Records from a data collection:
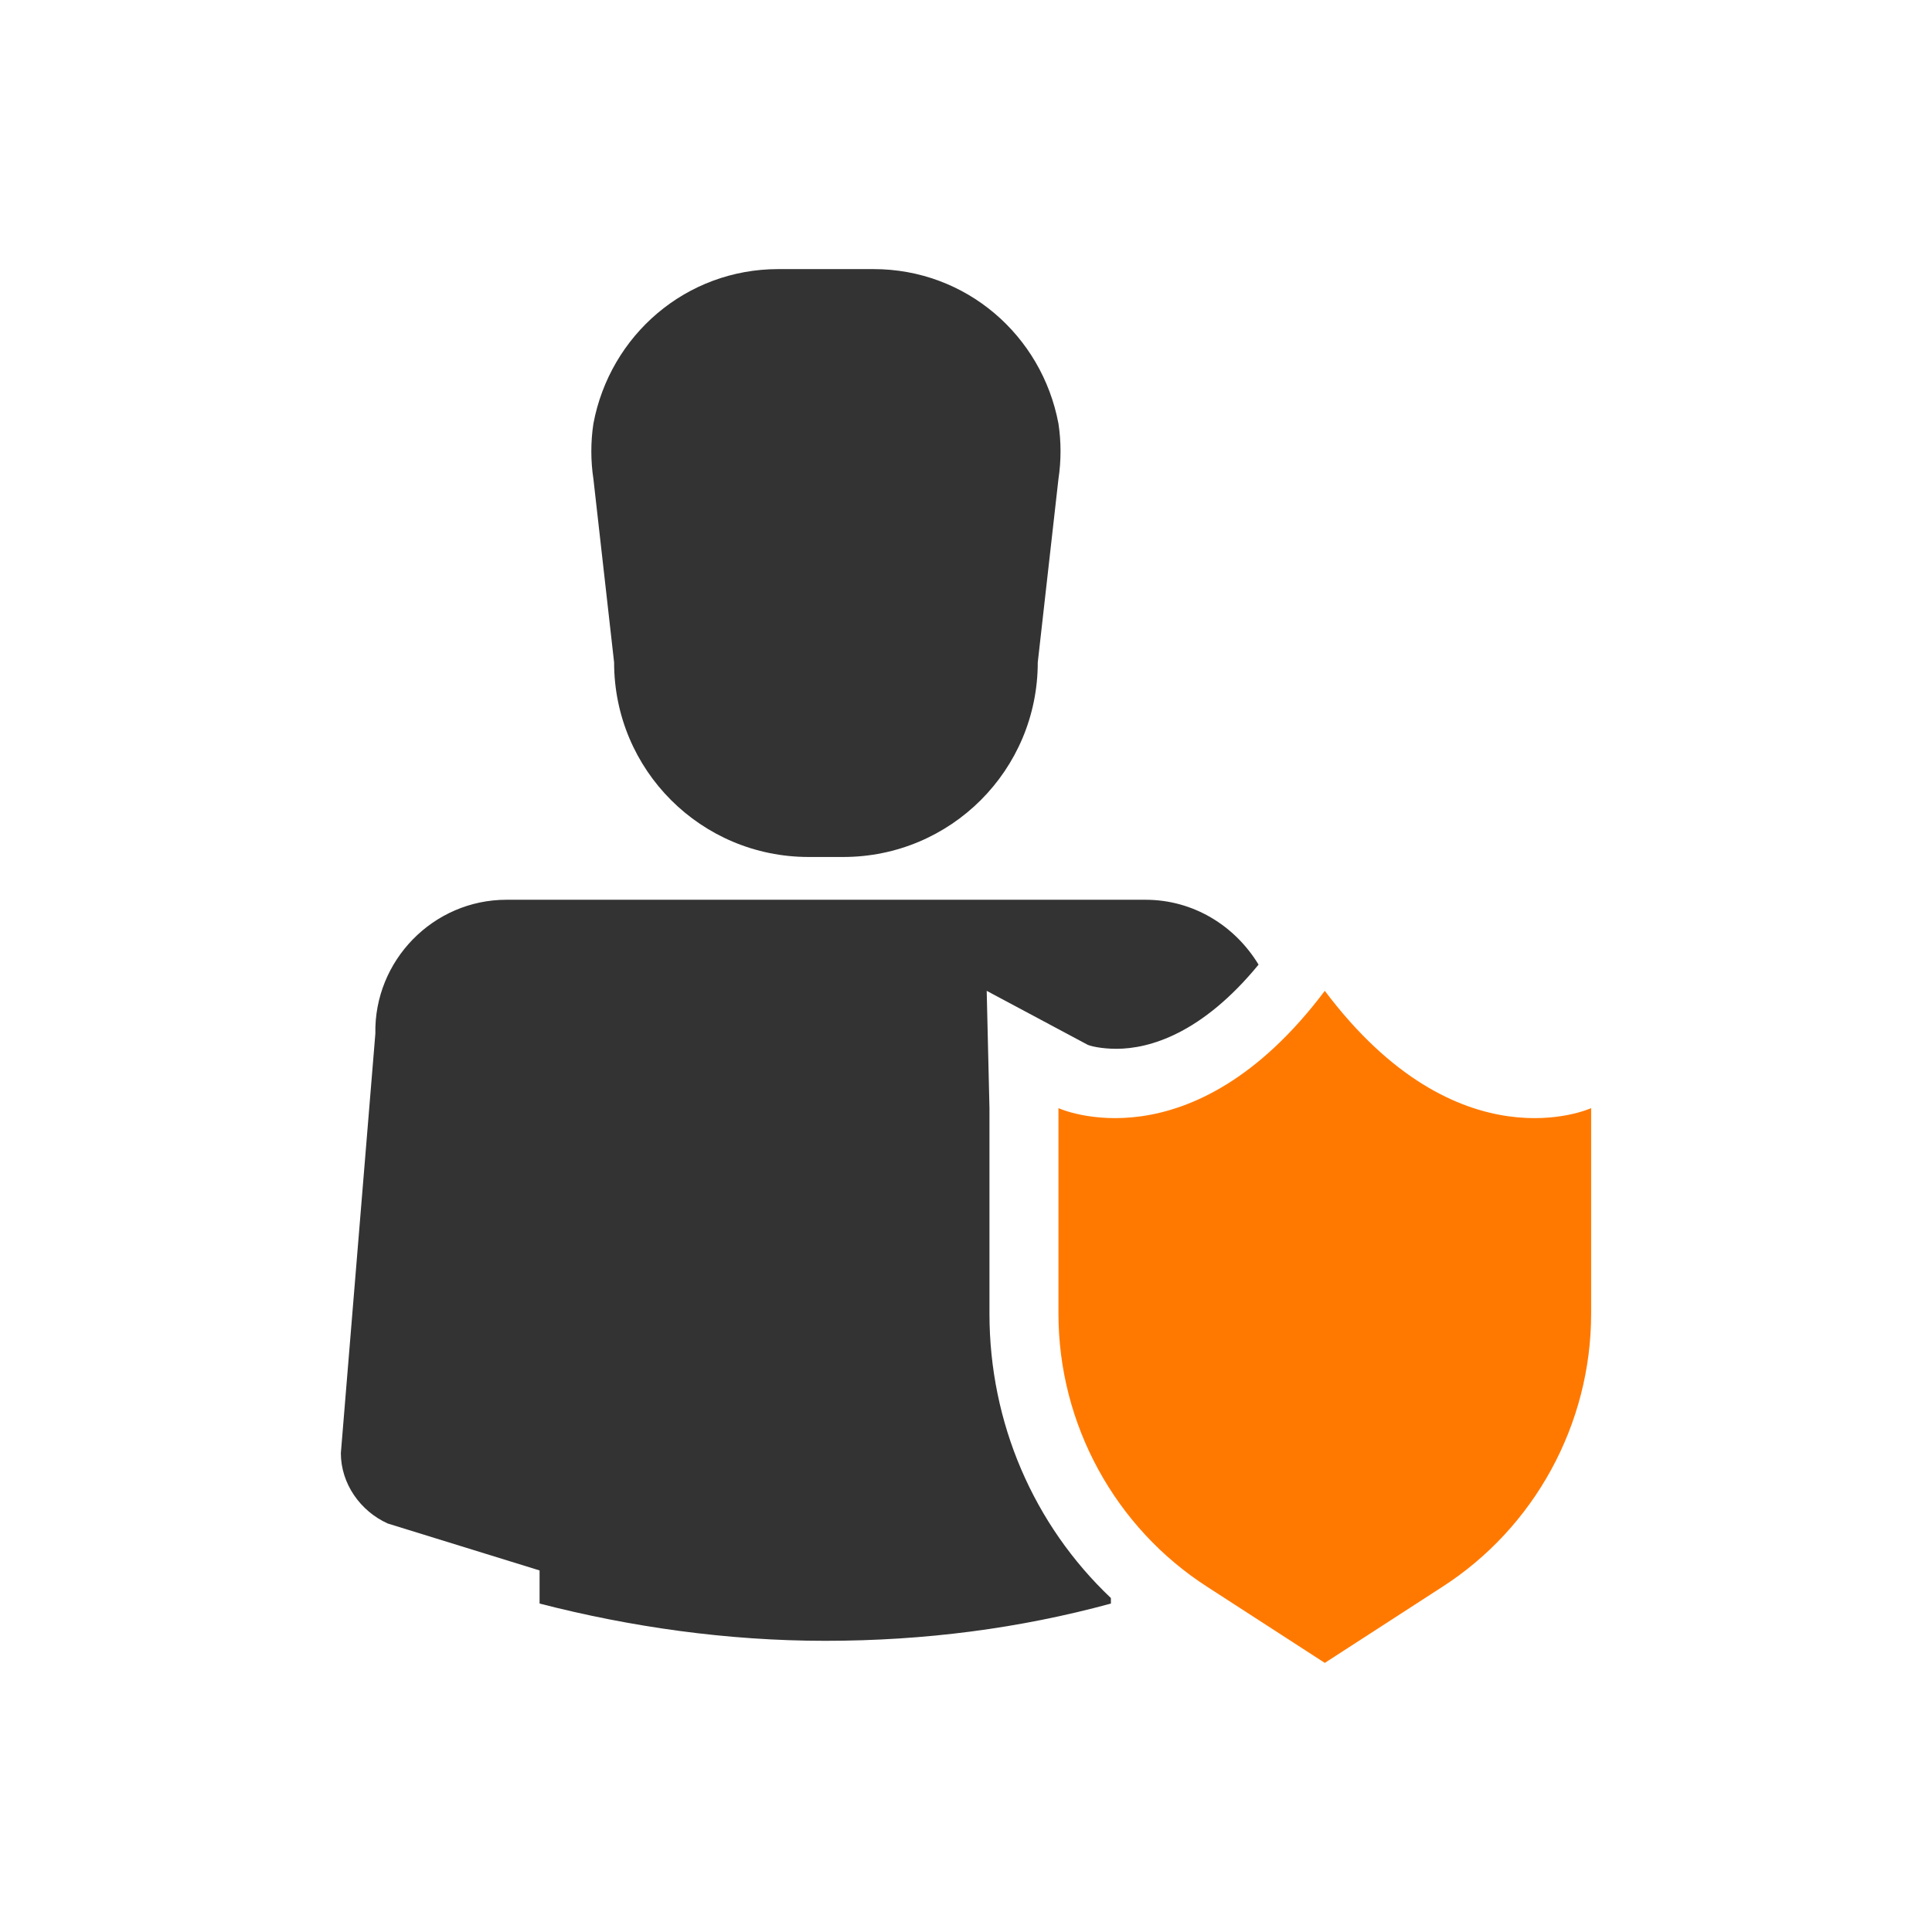 <?xml version="1.0" encoding="utf-8"?>
<!-- Generator: Adobe Illustrator 22.1.0, SVG Export Plug-In . SVG Version: 6.00 Build 0)  -->
<svg version="1.1" id="Layer_1" xmlns="http://www.w3.org/2000/svg" xmlns:xlink="http://www.w3.org/1999/xlink" x="0px" y="0px"
	 width="140px" height="140px" viewBox="0 0 140 140" style="enable-background:new 0 0 140 140;" xml:space="preserve">
<style type="text/css">
	.st0{fill:#333333;}
	.st1{fill:#FF7900;}
	.st2{fill:#29ABE2;}
</style>
<g>
	<path class="st0" d="M44.5,48c0,7.8,6.3,14.1,14.1,14.1h2.5c7.8,0,14.1-6.3,14.1-14.1l1.5-13.3c0.2-1.3,0.2-2.7,0-4
		c-1.2-6.4-6.7-11.2-13.4-11.2h-6.9c-6.7,0-12.2,4.8-13.4,11.2c-0.2,1.3-0.2,2.7,0,4L44.5,48z"/>
	<path id="XMLID_73_" class="st1" d="M96,71.8c-9.7,12.9-19.3,8.5-19.3,8.5v14.9c0,8,4.1,15.5,10.8,19.8l8.5,5.5l8.5-5.5
		c6.7-4.3,10.8-11.8,10.8-19.8V80.3C115.3,80.3,105.7,84.7,96,71.8z"/>
	<g>
		<path class="st0" d="M71.7,95.2V80.3l-0.2-8.5l7.3,3.9c0.2,0.1,1,0.3,2.1,0.3c2.4,0,6.2-1.1,10.3-6.1c-1.7-2.8-4.7-4.7-8.2-4.7
			H36.7c-5.3,0-9.6,4.4-9.5,9.7l-2.5,30.4c0,2.2,1.4,4.2,3.4,5.1l11,3.4l0,2.4c6.6,1.7,13.6,2.7,20.7,2.7c7.2,0,14.1-0.9,20.7-2.7
			l0-0.4C74.9,110.5,71.7,103.1,71.7,95.2z"/>
	</g>
</g>
<g id="XMLID_12_">
	<path id="XMLID_40_" class="st2" d="M246.1,84.3c-6.1,0.4-11.1,5.2-11.7,11.3c-0.6,6.1,3.2,11.3,8.5,13.1v4.2
		c0,0.2,0.1,0.3,0.3,0.3h1.2c0.2,0,0.3,0.1,0.3,0.3v2.2c0,0.2-0.1,0.3-0.3,0.3h-1.2c-0.2,0-0.3,0.1-0.3,0.3v2.4
		c0,0.2,0.1,0.3,0.3,0.3h1.2c0.2,0,0.3,0.1,0.3,0.3v2.2c0,0.2-0.1,0.3-0.3,0.3h-1.2c-0.2,0-0.3,0.1-0.3,0.3v0.9c0,2.2,1.8,4,4,4
		c2.2,0,4-1.8,4-4v-14.4c5-1.7,8.5-6.4,8.5-11.9C259.5,89.7,253.4,83.9,246.1,84.3z M246.9,96.6c-2.1,0-3.9-1.7-3.9-3.9
		c0-2.1,1.7-3.9,3.9-3.9c2.1,0,3.9,1.7,3.9,3.9C250.8,94.9,249.1,96.6,246.9,96.6z"/>
	<path id="XMLID_61_" class="st0" d="M266,64h-38.1c-5.9,0-10.7,4.8-10.7,10.7v75c0,5.9,4.8,10.7,10.7,10.7H266
		c5.9,0,10.7-4.8,10.7-10.7v-75C276.7,68.8,271.9,64,266,64z M270.3,149.7c0,2.4-1.9,4.3-4.3,4.3h-38.1c-2.4,0-4.3-1.9-4.3-4.3v-75
		c0-2.4,1.9-4.3,4.3-4.3H266c2.4,0,4.3,1.9,4.3,4.3V149.7z"/>
	<path id="XMLID_64_" class="st0" d="M226,138.6h41.8V73.1H226V138.6z M229.3,76.3h35.4v59.1h-35.4V76.3z"/>
	<path id="XMLID_65_" class="st0" d="M246.9,140.8c-3.1,0-5.5,2.5-5.5,5.5c0,3.1,2.5,5.5,5.5,5.5c3.1,0,5.5-2.5,5.5-5.5
		C252.5,143.3,250,140.8,246.9,140.8z"/>
</g>
</svg>

- _The problem_: Where the word "style" appears in a line of the entries, copy that line.

- _Result_:
	 width="140px" height="140px" viewBox="0 0 140 140" style="enable-background:new 0 0 140 140;" xml:space="preserve">
<style type="text/css">
</style>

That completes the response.